# how loose should a metal band be?



## combattank (Feb 5, 2010)

How loose should the metal bracelet (band) be on an analog watch? 

I just got a MTG1000-1. I decided to finally buy a watch with a metal bracelet after using G-Shock watches with the normal resin bands for years. For some reason, parts of the resin straps tend to break on me, especially the part that holds the strap down after the buckle.

I can currently put my index finger into the band when I wear it on my wrist. Is this considered to be the normal looseness?


----------



## BenL (Oct 1, 2008)

You know, it's really up to you. Personally, I usually like mine such that just my little finger is able to slip through.

Btw, congrats on your new MTG. It's a goodie. :-!


----------



## uktrailmonster (Nov 18, 2007)

As far as I know there's no law on this. Whatever you find most comfortable. If you like a snug fit, just allow for a little expansion of your wrist when it gets warm.


----------



## chonga (Dec 30, 2008)

I usually use this as a guideline:

If the actual watch can move to the opposite side of your wrist by simply shaking it around, then it's loose.

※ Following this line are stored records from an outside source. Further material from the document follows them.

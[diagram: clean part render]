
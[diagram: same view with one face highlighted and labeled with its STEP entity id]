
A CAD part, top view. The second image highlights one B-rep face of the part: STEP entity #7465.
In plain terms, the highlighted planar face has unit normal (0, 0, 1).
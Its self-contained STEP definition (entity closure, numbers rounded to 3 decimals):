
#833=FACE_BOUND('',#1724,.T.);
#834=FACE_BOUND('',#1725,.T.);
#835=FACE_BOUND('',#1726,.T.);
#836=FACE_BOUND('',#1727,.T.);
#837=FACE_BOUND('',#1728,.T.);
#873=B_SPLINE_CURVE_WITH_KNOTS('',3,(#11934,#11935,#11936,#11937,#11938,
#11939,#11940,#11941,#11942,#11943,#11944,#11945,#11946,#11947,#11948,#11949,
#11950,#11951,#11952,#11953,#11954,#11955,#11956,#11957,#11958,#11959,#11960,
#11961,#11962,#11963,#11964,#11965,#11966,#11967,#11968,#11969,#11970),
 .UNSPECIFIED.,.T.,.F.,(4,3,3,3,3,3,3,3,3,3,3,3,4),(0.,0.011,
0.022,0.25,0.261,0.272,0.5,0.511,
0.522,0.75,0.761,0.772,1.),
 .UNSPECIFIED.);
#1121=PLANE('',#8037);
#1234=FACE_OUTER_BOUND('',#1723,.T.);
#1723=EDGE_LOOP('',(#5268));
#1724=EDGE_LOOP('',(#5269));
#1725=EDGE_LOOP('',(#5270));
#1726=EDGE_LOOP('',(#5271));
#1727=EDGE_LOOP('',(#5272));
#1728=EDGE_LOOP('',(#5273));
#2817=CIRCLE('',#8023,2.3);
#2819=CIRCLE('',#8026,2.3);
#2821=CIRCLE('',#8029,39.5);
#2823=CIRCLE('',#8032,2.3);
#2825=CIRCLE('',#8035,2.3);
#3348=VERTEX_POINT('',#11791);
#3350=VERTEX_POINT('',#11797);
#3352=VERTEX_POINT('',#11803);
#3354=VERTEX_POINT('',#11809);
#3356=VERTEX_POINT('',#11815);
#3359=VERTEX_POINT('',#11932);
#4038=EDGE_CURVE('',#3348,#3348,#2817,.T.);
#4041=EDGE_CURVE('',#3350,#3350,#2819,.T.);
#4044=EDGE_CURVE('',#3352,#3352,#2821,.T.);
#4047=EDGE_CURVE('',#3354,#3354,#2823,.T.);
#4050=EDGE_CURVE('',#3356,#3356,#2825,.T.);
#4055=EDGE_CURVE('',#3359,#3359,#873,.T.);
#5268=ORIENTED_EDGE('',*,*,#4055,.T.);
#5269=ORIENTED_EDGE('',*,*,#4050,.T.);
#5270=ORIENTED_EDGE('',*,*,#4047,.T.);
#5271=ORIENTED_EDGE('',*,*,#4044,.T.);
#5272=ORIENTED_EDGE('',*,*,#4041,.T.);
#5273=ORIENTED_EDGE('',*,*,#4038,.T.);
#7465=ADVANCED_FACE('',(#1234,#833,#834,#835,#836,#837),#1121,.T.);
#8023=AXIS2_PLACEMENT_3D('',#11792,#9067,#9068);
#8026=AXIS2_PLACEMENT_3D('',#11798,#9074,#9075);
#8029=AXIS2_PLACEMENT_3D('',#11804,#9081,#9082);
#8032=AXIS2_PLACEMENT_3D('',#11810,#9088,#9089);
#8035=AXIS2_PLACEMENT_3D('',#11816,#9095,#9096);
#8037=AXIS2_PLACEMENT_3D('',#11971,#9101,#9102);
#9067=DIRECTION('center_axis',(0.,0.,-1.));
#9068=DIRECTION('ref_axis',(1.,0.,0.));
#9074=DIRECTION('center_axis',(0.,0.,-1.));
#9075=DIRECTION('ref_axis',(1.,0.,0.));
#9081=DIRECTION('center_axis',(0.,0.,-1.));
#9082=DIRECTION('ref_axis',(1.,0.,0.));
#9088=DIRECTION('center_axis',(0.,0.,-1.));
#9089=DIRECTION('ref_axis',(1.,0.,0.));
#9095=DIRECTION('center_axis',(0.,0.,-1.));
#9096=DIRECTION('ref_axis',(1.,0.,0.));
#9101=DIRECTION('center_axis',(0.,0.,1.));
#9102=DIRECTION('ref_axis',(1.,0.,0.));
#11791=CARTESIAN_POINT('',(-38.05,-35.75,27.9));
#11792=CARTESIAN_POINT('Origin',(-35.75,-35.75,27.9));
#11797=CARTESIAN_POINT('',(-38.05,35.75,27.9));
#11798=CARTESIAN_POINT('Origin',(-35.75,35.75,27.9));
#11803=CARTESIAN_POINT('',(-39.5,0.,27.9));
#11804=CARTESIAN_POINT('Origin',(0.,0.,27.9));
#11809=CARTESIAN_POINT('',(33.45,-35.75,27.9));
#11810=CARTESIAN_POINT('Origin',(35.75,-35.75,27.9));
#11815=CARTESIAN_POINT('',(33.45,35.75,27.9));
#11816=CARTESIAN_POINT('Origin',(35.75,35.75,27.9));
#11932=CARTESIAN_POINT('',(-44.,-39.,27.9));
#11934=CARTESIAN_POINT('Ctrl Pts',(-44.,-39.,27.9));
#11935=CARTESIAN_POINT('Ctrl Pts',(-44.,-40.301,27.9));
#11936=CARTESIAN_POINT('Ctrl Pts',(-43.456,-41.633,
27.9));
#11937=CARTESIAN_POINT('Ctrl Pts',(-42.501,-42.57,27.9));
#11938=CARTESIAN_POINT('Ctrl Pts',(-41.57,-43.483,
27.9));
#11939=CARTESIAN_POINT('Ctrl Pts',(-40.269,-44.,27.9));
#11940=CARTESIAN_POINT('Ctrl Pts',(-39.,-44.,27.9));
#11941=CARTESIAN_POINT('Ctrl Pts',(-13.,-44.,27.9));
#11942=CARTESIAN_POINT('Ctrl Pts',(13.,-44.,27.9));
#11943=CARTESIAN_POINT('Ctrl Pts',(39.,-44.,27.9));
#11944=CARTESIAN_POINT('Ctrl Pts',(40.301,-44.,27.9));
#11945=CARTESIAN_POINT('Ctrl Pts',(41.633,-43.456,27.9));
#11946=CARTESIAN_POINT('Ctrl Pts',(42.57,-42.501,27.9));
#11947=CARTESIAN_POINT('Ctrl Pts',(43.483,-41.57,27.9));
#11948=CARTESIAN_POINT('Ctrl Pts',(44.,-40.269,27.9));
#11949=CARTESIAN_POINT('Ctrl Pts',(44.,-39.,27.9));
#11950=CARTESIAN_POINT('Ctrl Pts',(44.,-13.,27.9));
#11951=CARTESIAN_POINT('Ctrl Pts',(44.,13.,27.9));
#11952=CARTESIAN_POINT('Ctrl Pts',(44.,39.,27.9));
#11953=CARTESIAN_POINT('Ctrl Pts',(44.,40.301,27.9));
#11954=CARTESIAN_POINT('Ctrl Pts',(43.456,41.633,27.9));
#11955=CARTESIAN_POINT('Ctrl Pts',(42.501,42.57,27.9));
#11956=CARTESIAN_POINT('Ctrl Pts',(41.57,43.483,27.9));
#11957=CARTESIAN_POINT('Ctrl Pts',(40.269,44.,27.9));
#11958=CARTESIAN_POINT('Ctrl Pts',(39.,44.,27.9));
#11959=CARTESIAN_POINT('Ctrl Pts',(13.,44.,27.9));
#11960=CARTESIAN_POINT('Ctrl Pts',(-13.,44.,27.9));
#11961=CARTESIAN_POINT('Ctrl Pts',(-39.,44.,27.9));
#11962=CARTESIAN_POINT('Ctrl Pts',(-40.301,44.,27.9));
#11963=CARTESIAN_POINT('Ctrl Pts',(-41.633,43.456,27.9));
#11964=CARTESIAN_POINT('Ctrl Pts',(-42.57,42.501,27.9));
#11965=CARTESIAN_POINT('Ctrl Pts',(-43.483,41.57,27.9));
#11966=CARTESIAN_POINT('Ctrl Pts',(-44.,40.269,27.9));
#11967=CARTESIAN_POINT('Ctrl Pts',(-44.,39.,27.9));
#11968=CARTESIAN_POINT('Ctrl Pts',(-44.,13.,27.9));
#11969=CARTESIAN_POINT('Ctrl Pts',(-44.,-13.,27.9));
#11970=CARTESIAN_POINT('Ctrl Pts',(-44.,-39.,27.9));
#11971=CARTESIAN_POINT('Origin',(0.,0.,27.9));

If you are left with an imprint on your wrist after taking it off, it's too tight.


----------



## c.k. (Jul 30, 2009)

I always wear mine that I can fit 2 fingers, between bracelet and the wrist.


----------



## cowboytuna (Oct 28, 2009)

I used to wear mine lose. but lately, I'm inclined to wear it semi-fit.


----------



## MikeAB (Jan 17, 2010)

I tend to wear my watches on the tight side. Can barely fit my pinkie finger between band and wrist. Can move watch up and down wrist, bu I do not like it when case shifts from side to side. But again, it is a personal preference.


----------



## checknwatch (Aug 30, 2009)

It's all personal preference. For me, watches with buttons or pushers (everything from G-Shocks to analog chronographs) get worn snug on the wrist but never tight. Non-chrono analogs tend to sit looser on the wrist.


----------



## stripe (May 20, 2009)

It needs to be as tight as it has to be, for the watch to stop turning and twisting on my wrist


----------



## Shel (Feb 5, 2010)

combattank said:


> How loose should the metal bracelet (band) be on an analog watch?
> 
> I just got a MTG1000-1. I decided to finally buy a watch with a metal bracelet after using G-Shock watches with the normal resin bands for years. For some reason, parts of the resin straps tend to break on me, especially the part that holds the strap down after the buckle.

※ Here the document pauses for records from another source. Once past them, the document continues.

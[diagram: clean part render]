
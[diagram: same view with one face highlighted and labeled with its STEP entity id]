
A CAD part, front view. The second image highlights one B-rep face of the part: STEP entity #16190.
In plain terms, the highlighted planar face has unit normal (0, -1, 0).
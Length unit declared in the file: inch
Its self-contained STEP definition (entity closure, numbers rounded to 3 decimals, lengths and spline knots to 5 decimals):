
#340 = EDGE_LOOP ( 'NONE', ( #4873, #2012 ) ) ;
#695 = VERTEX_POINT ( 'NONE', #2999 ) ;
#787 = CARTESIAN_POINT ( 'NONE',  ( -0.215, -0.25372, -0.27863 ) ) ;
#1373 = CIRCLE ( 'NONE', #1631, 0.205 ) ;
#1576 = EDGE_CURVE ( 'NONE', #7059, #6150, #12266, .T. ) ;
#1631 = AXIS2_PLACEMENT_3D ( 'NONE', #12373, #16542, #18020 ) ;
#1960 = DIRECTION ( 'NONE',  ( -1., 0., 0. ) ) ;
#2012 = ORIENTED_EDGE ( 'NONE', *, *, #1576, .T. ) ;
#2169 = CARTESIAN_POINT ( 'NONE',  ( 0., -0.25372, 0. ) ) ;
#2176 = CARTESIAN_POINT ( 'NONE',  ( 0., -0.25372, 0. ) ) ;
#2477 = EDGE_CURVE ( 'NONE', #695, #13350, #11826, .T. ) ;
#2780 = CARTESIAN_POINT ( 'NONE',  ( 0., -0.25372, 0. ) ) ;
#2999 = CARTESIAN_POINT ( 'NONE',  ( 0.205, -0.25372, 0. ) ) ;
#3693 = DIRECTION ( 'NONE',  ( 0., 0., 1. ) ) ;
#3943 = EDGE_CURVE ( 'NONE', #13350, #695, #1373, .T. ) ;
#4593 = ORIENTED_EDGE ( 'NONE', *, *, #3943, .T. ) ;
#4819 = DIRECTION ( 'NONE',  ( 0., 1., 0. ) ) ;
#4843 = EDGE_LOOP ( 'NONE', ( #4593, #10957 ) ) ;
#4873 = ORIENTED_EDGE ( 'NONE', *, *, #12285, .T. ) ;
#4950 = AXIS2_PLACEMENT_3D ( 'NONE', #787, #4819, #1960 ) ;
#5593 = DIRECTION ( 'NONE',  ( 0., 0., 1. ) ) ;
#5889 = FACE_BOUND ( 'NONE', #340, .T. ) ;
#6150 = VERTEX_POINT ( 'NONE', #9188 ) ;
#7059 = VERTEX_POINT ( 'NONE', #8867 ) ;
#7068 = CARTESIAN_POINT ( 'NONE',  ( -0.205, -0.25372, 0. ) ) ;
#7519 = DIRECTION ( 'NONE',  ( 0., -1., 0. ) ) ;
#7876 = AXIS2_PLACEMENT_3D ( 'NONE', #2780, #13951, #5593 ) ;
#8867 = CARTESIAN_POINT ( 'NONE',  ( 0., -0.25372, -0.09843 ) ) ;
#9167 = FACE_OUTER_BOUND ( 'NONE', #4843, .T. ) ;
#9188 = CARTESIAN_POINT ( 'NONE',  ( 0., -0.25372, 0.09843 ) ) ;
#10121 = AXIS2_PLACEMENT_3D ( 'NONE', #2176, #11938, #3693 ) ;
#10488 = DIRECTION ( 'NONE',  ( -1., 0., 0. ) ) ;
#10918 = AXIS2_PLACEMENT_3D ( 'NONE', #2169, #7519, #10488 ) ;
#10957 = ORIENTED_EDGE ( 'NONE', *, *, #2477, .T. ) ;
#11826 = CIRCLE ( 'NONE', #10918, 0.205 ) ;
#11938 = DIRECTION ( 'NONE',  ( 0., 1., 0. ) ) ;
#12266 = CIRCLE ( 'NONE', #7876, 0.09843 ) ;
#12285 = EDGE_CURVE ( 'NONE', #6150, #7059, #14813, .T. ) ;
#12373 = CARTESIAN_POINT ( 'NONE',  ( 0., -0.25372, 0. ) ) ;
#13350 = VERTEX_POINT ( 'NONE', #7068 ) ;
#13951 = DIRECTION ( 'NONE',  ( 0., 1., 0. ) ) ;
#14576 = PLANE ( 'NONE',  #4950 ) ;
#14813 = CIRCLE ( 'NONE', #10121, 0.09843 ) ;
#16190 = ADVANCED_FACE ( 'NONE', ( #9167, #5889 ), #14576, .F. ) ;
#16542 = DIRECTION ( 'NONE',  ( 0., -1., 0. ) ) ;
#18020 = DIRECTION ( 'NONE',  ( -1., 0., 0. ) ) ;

Congrats on your new purchase!

I just received this watch about a week ago, and really love it!

As for how tight/loose to wear it, as someone else suggested, I'd say it should be loose enough so it doesn't leave a mark on your wrist, but tight enough so it doesn't twist around so you can't view it quickly.

I basically allow about enough room so I can put my pinky between my wrist and the watch band.


----------



## duke4c (Feb 12, 2006)

Shel said:


> I basically allow about enough room so I can put my pinky between my wrist and the watch band.


+1 I agree.

Anoying part is when you discover that that "perfect fit" that you just found no longer works in summer (for example) since your wrist size changes per season.

This is part of the reason why I love rasin so much. I never had problems with rasin in this regards. Metal however tends to be anoying... too loose, too fit... to much adjusting for that "perfect" fit... and not having a pefect fit somehow always anoys the living daylight out of me...:-d

Cheers:-!


----------